Пелорус сделал паузу, по всей вероятности, колеблясь, прежде чем добавить еще что-то, но все же решил ничего не говорить. Его голубые глаза, казалось, изучали реакцию Лидиарда, но Дэвиду в настоящий момент нечего было обнаруживать. Вместо этого он спросил:
— Так что же такое использует Харкенддера?
— Нечто такое, что имеет сходство с тем существом, использующим вас, — с резкой прямотой ответил вервольф. — Бог это или демон, ангел или чудовище — кто может определить, что с ним сделало время? Когда мир еще был юным, я мог бы это узнать, но во что превратилось это существо теперь, когда перестало играть роль Создателя, я не могу сказать. Не знаю, и как волны перемен его изменили. Убежден, он и сам себя, как следует, не знает, все его мудрость и вера были заморожены его мощью. И если я, который бодрствовал большую часть этих десяти тысяч лет, нашел этот мир слишком изменившимся, чтобы он мог мне понравиться, то насколько же более непривычным должны его находить те, кто проснулся только недавно?
— Но ведь у них есть свои средства обнаруживать его свойства, — спокойно напомнил Лидиард. — То, что известно Харкендеру, знает и его хозяин, а если картина мира в глазах у Харкендера полностью искажена, как будет настаивать сэр Эдвард, разве этому хозяину не захочется смотреть при помощи тысяч других пар глаз? Разумеется, ничто не спрячется от подобного существа.

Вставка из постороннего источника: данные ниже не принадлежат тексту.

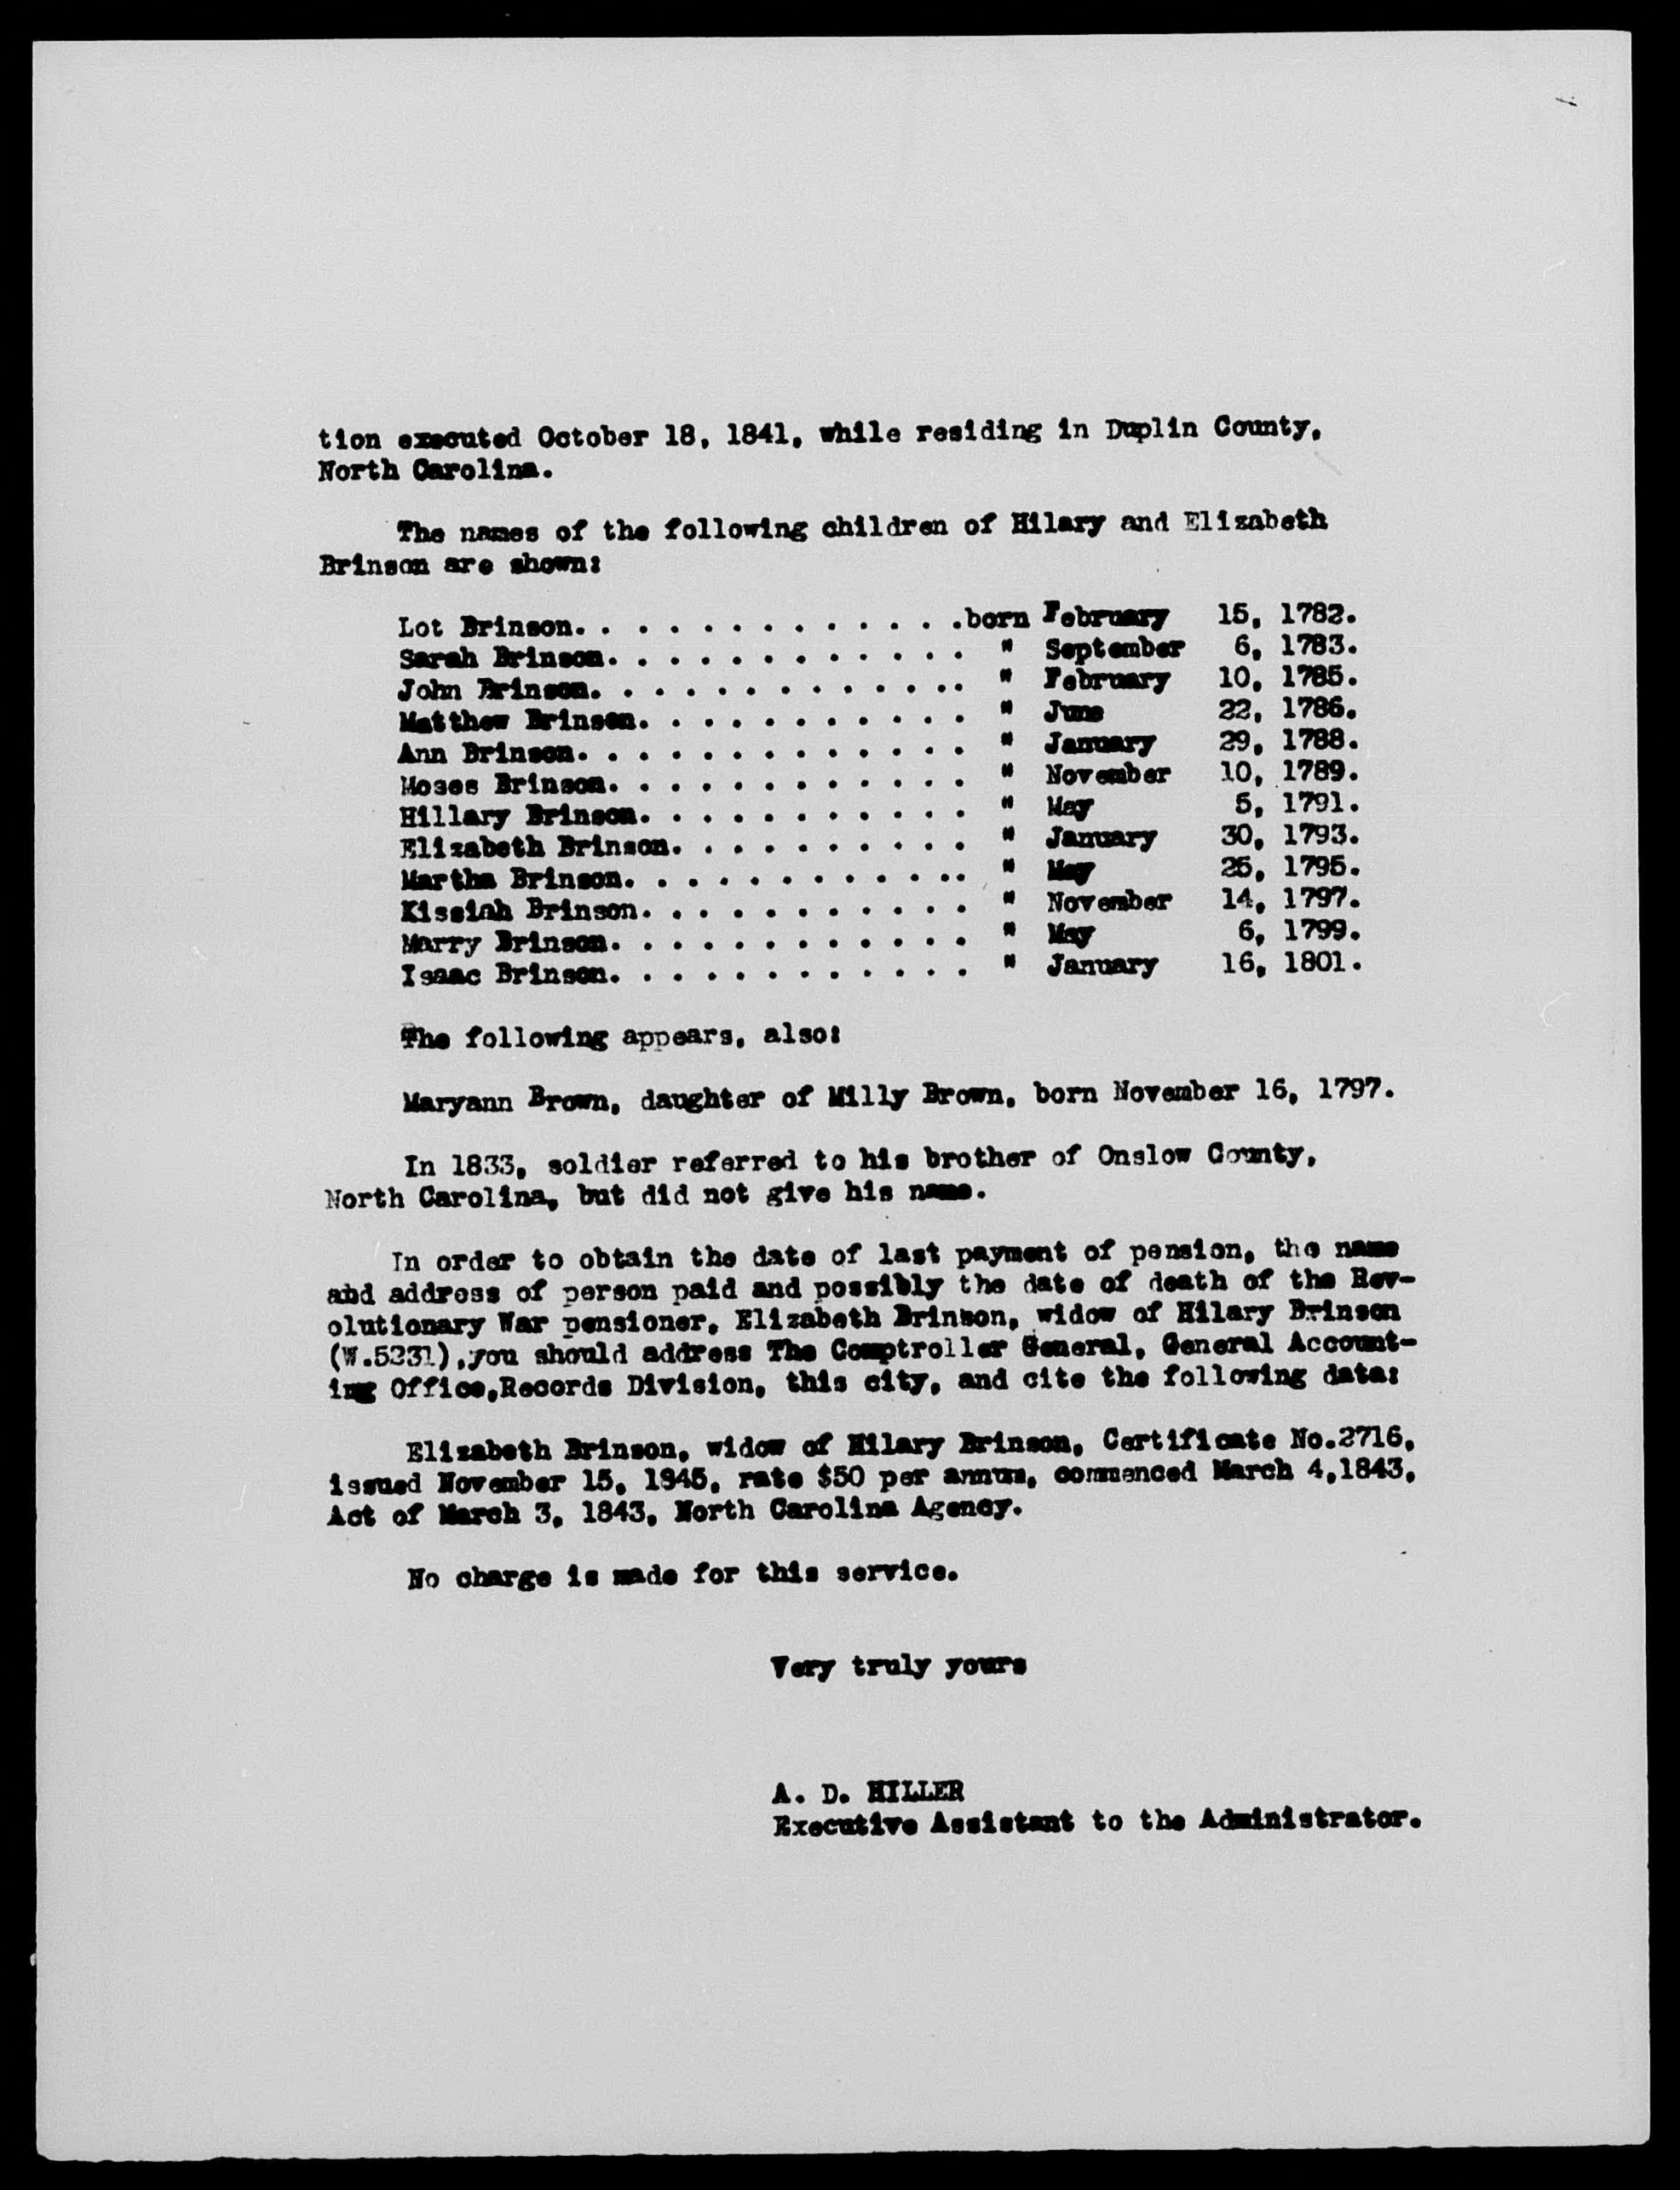tion executed October 18, 1841, while residing in Duplin County, North Carolina.

The names of the following children of Hilary and Elizabeth Brinson are shown:

Lot Brinson..................born February 15, 1782
Sarah Brinson................"     September 6, 1783
John Brinson................."      February 10 1785
Matthew Brinson ......... "     June 22, 1786
Ann Brinson...................."    January 29, 1788
Moses Brinson..............."     November 10, 1789
Hillary Brinson................"     May 5, 1791
Elizabeth Brinson ............"   January 30, 1793
Martha Brinson ..............."   May 25, 1795
Kissiah Brinson..............."    November 14, 1797
Marry Brinson................ "    May 6, 1799
Isaac Brinson.................."    January 16, 1801

The following appears, also:

Maryann Brown, daughter of Milly Brown, born November 16, 1797

In 1833, soldier referred to his brother of Onslow County, North Carolina, but did not give his name.

In order to obtain the date of last payment of pension, the name and address of person paid and possibly the date of death of the Revolutionary War pensioner, Elizabeth Brinson, widow of Hilary Brinson (W.5231) you should address the Comptroller General, General Accounting Office, Records Division, this city and cite the following data:

Elizabeth Brinson, widow of Hilary Brinson Certificate No. 2716, issued November 15, 1845, rate $50 per annum, commenced March 4, 1843 Act of March 3, 1843, North Carolina Agency.

No charge is made for this service.

Very truly yours

A.D. Hiller
Executive Assistant to the Administrator

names: John Brinson, Hillary Brinson, Elizabeth Brinson, Milly Brown, Isaac Brinson, Moses Brinson, Lot Brinson, Elizabeth Brinson, Hilary Brinson, Elizabeth Brinson, Kissiah Brinson, A D Hiller, Elizabeth Brinson, Ann Brinson, Sarah Brinson, Matthew Brinson, Martha Brinson, Hilary Brinson, Hilary Brinson, Marry Brinson, Maryann Brown
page: 15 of 38
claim: widow's
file: W. 5231, Hilary Brinson, N.C.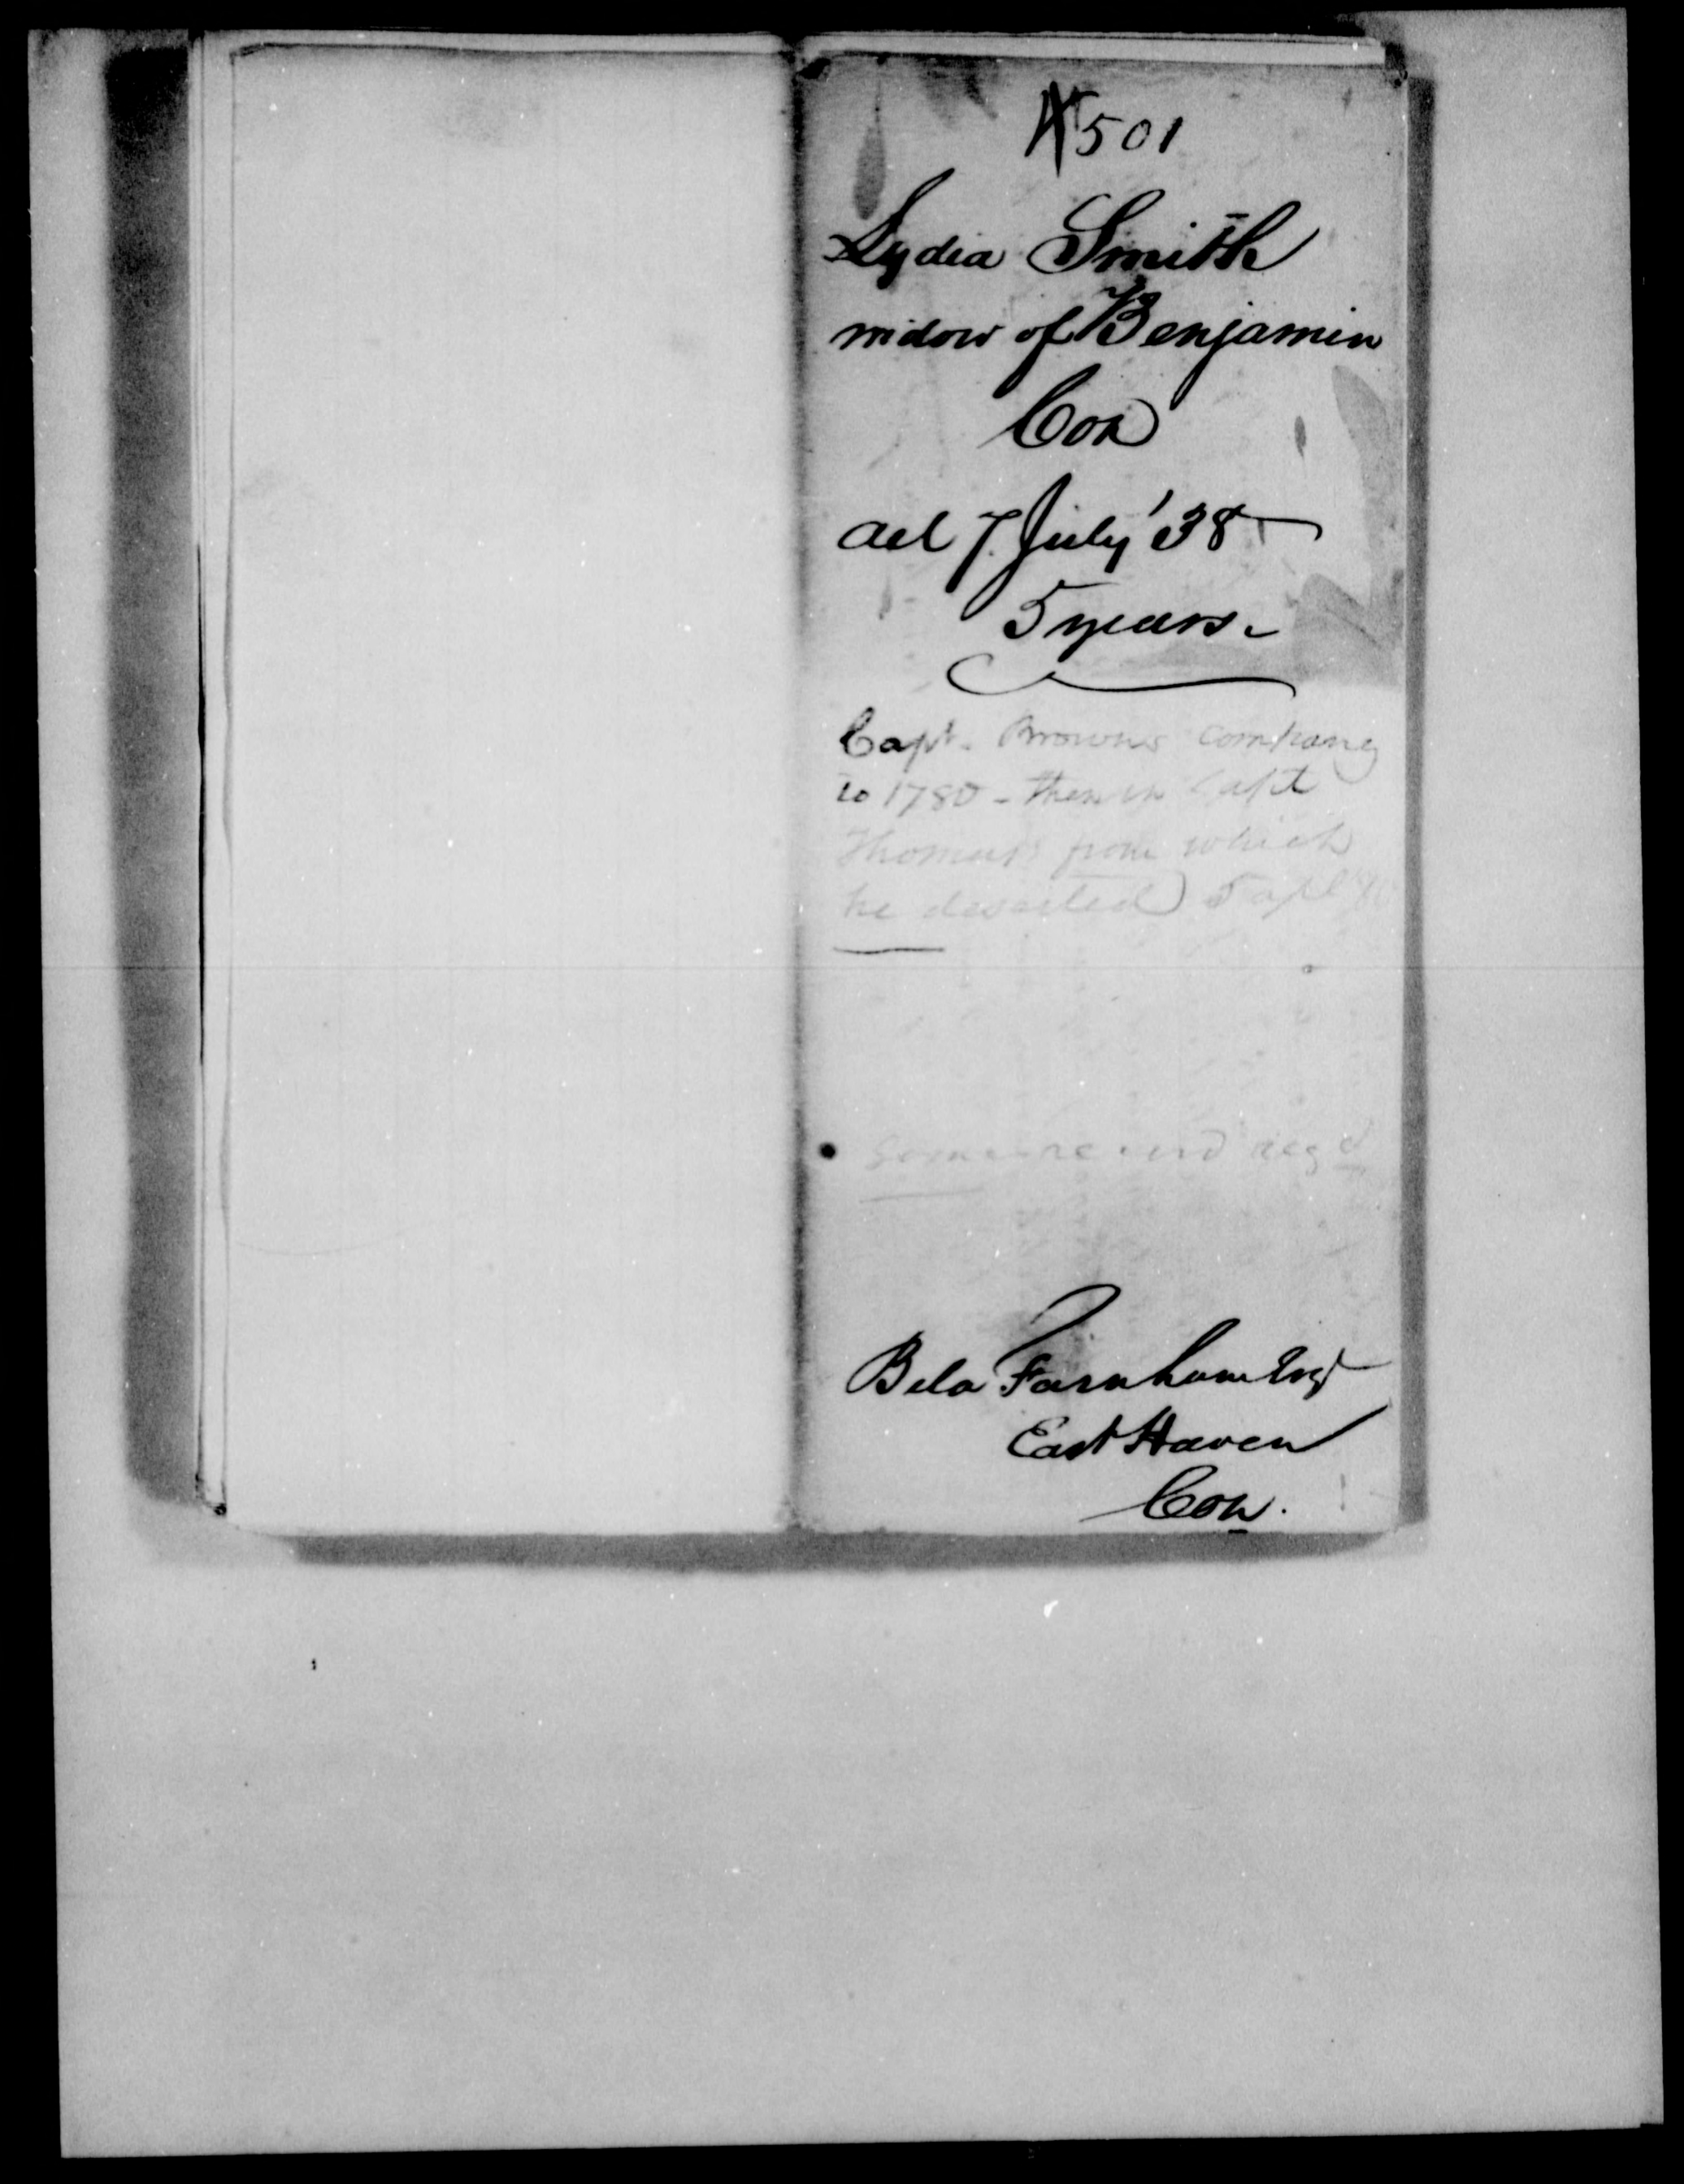501
Lydia Smith
widow of Benjamin
Con
act 7 July 38
5 years
Capt Browns Company
to 1780 - then in Capt
Thomas from which
the deserted 5 ap'l 80

[illegible] recvd reg'd

Bela Farnham Esq'r.
East Haven
Con

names: Bela Farnham; Lydia Smith; Benjamin Cox; Thomas Grove
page: 6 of 19
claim: rejected
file: R 9792, for Benjamin Smith, Connecticut

— Внешний вид и понимание — вовсе не одно и то же. — серьезно заметил Пелорус, — И мне кажется, вы могли бы прийти к тому, чтобы это понять. Сила Творения не может обойтись без расплаты, ведь наше внутреннее зрение меняет то, что видит, и чем большую потребность в знании мы испытываем, тем легче становимся жертвами для соблазнительных фантазий.
— Но однажды, по крайней мере, я видел то, в чем не мог сомневаться. — пробормотал Лидиард, — И это было нечто такое, чего я никак не мог бы выдумать, и безусловно, не стал бы по собственному желанию на это смотреть.
Пелорус отвернулся, потому что чайник начал закипать. Он прервал разговор, чтобы насыпать чай в заварной чайник и затем налить туда кипящей воды, тщательно перемешивая содержимое.
— А ведь вы не Создатель, и можете видеть более ясно посредством добродетели вашей холодной, как лед, души, чем этот кто-то. — произнес он через некоторое время, — И все же претендуете на то, что виденное вами только однажды — истина. Боги нуждаются в оракулах больше, чем люди, Дэвид, они часто видят слишком многое — и не всегда достаточно.
Пелорус разлил чай по чашкам и передал одну из них гостю, прежде чем снова устроился на своем стуле. Он умышленно смотрел мимо Лидиарда, разглядывая пламя, весело пляшущее и сверкающее за решеткой камина.
— Каковы ваши планы? — спросил он небрежно.